* [Your task]:
For every record that follows, write out the text exactly and omit the picture, if one is present.

*** Record extracts ***

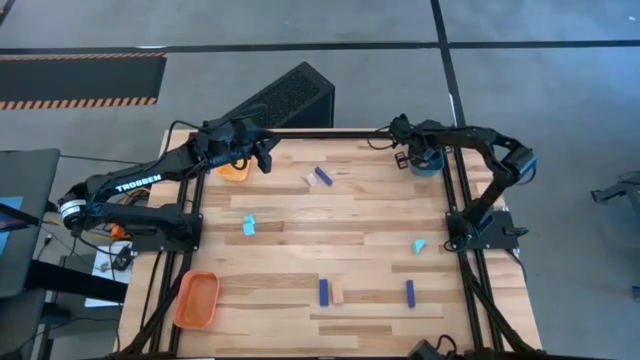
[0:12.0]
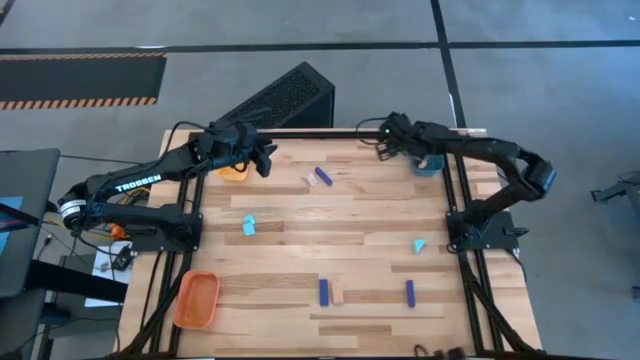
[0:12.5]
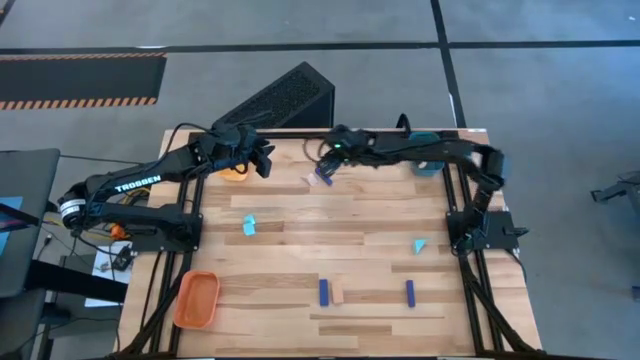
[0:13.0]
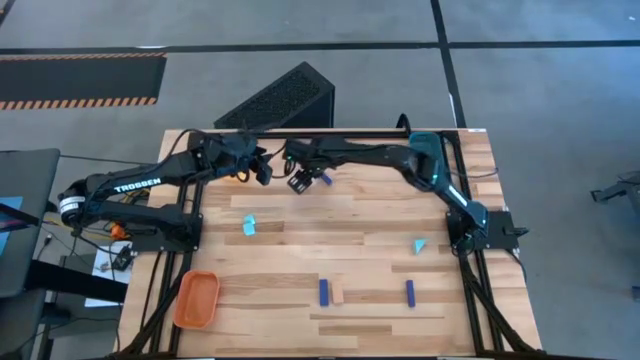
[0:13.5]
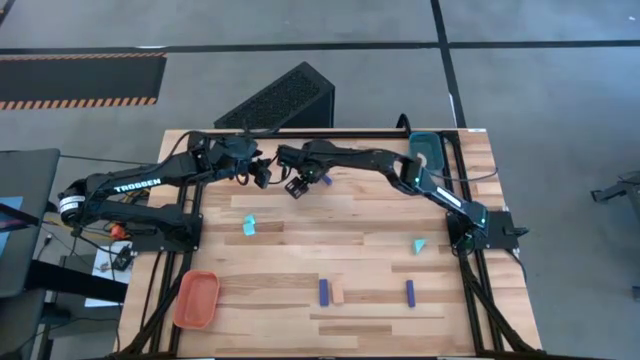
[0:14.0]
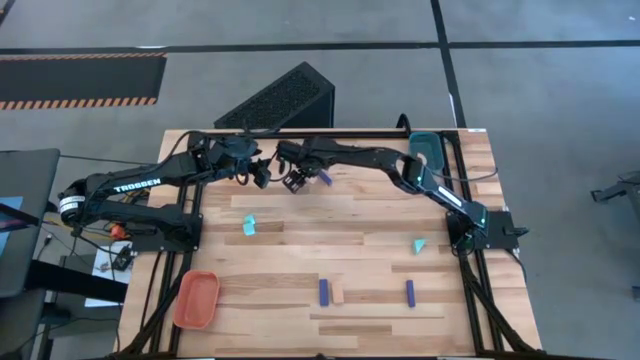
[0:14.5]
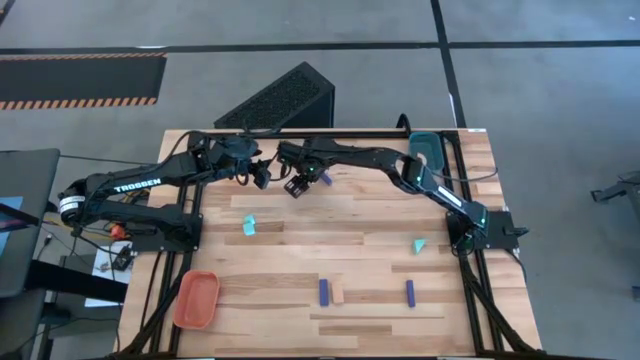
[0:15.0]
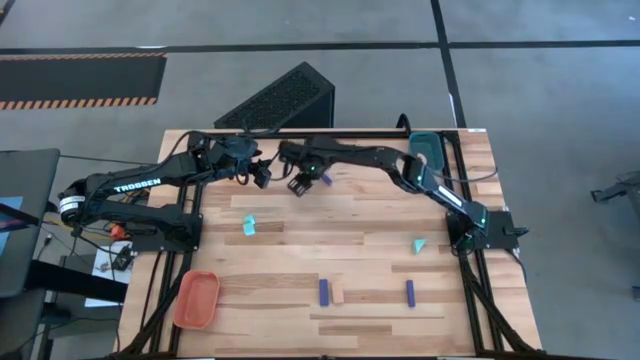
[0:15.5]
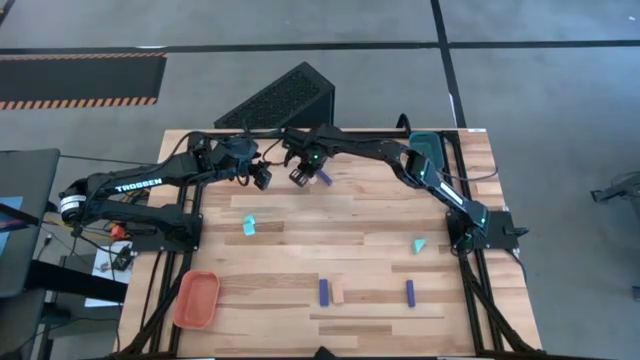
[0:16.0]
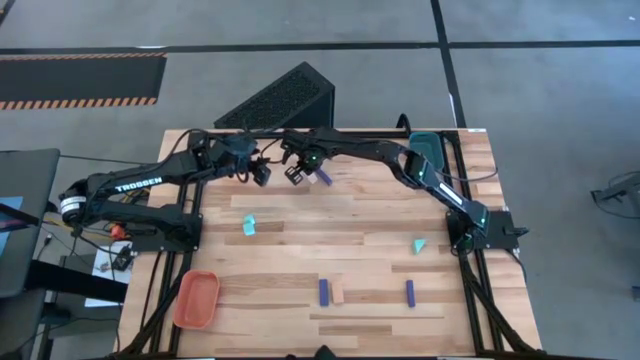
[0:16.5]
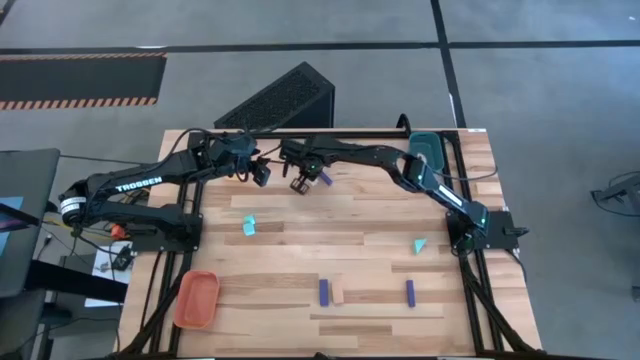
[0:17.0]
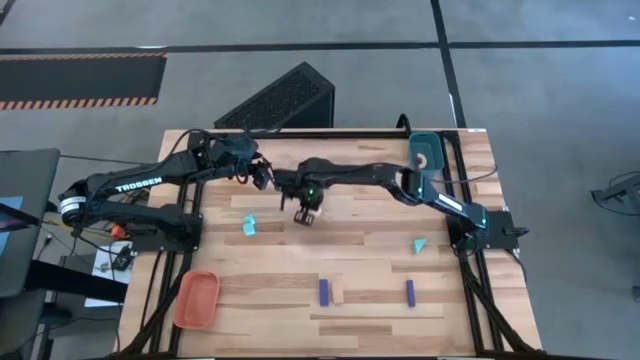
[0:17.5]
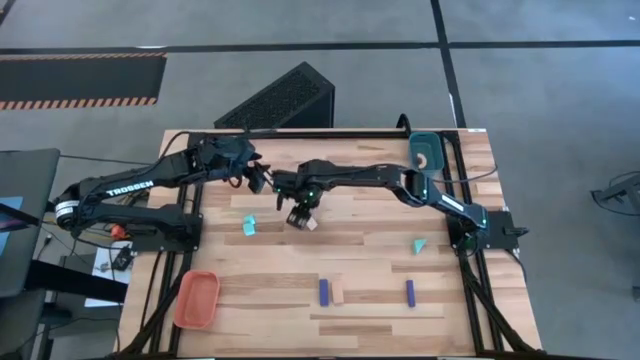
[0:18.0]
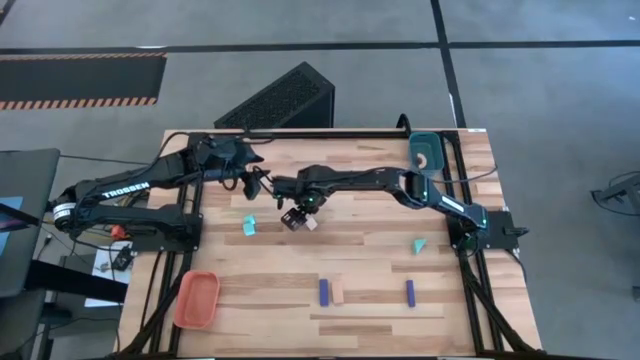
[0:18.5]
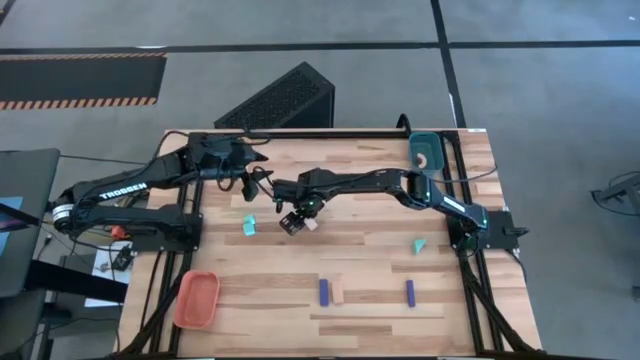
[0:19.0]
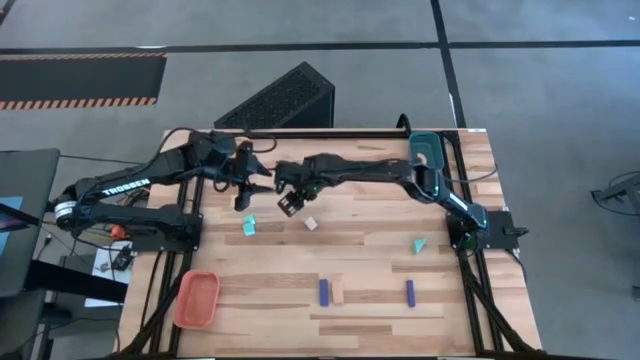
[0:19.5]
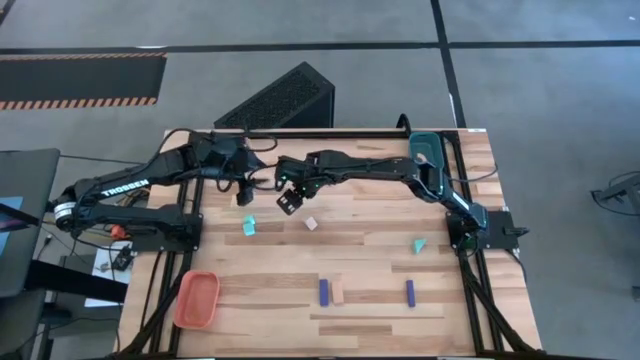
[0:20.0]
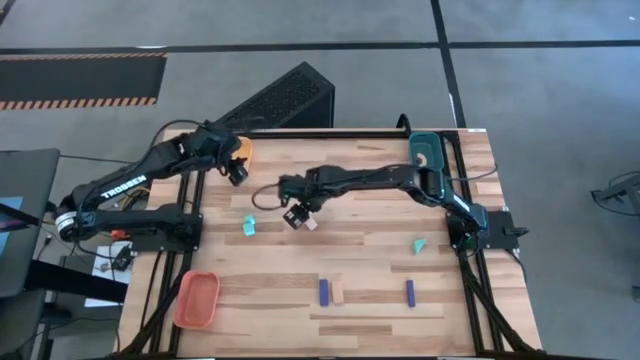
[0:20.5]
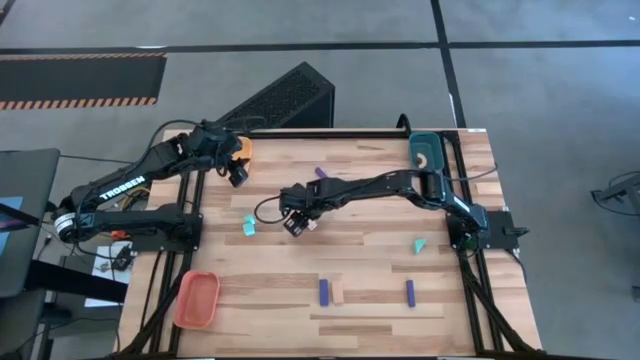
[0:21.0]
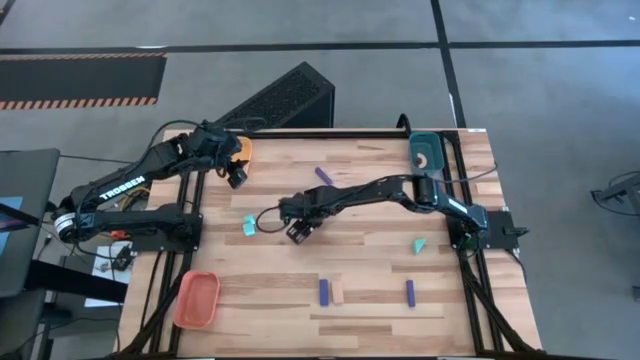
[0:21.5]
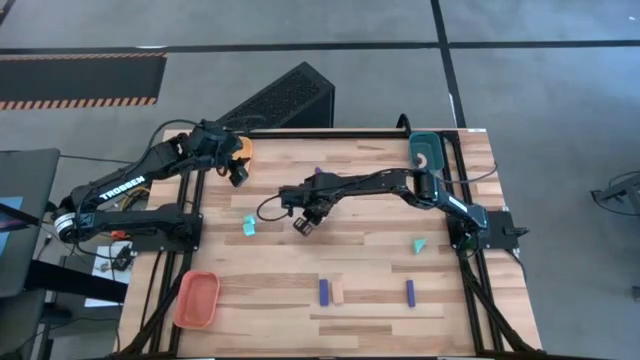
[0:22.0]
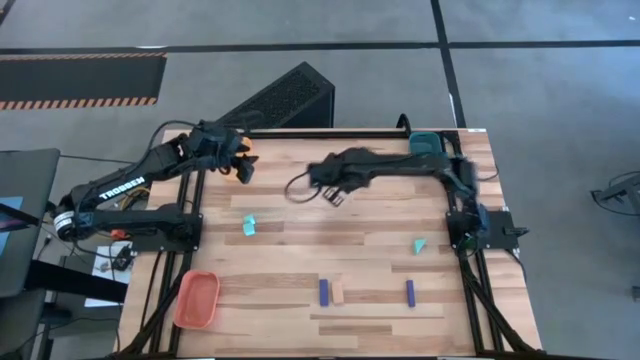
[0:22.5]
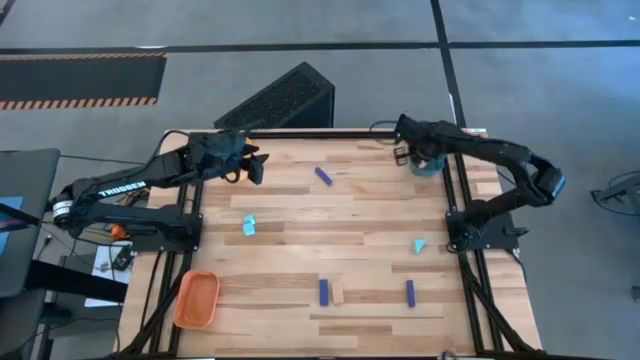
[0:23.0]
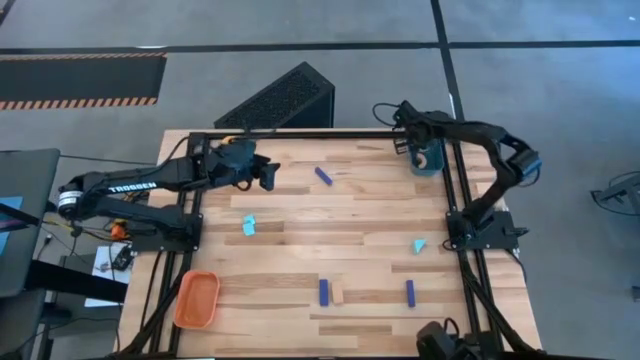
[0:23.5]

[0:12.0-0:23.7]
Task: Sort & place blocks by color
Put the top brown block into the blue bin

*** End of Record extracts ***

* [Output for this exercise]:
[0:12.0]
[0:12.5]
[0:13.0]
[0:13.5]
[0:14.0]
[0:14.5]
[0:15.0]
[0:15.5]
[0:16.0]
[0:16.5]
[0:17.0]
[0:17.5]
[0:18.0]
[0:18.5]
[0:19.0]
[0:19.5]
[0:20.0]
[0:20.5]
[0:21.0]
[0:21.5]
[0:22.0]
[0:22.5]
[0:23.0]
[0:23.5]

[0:12.0-0:23.7]
Task: Sort & place blocks by color
Put the top brown block into the blue bin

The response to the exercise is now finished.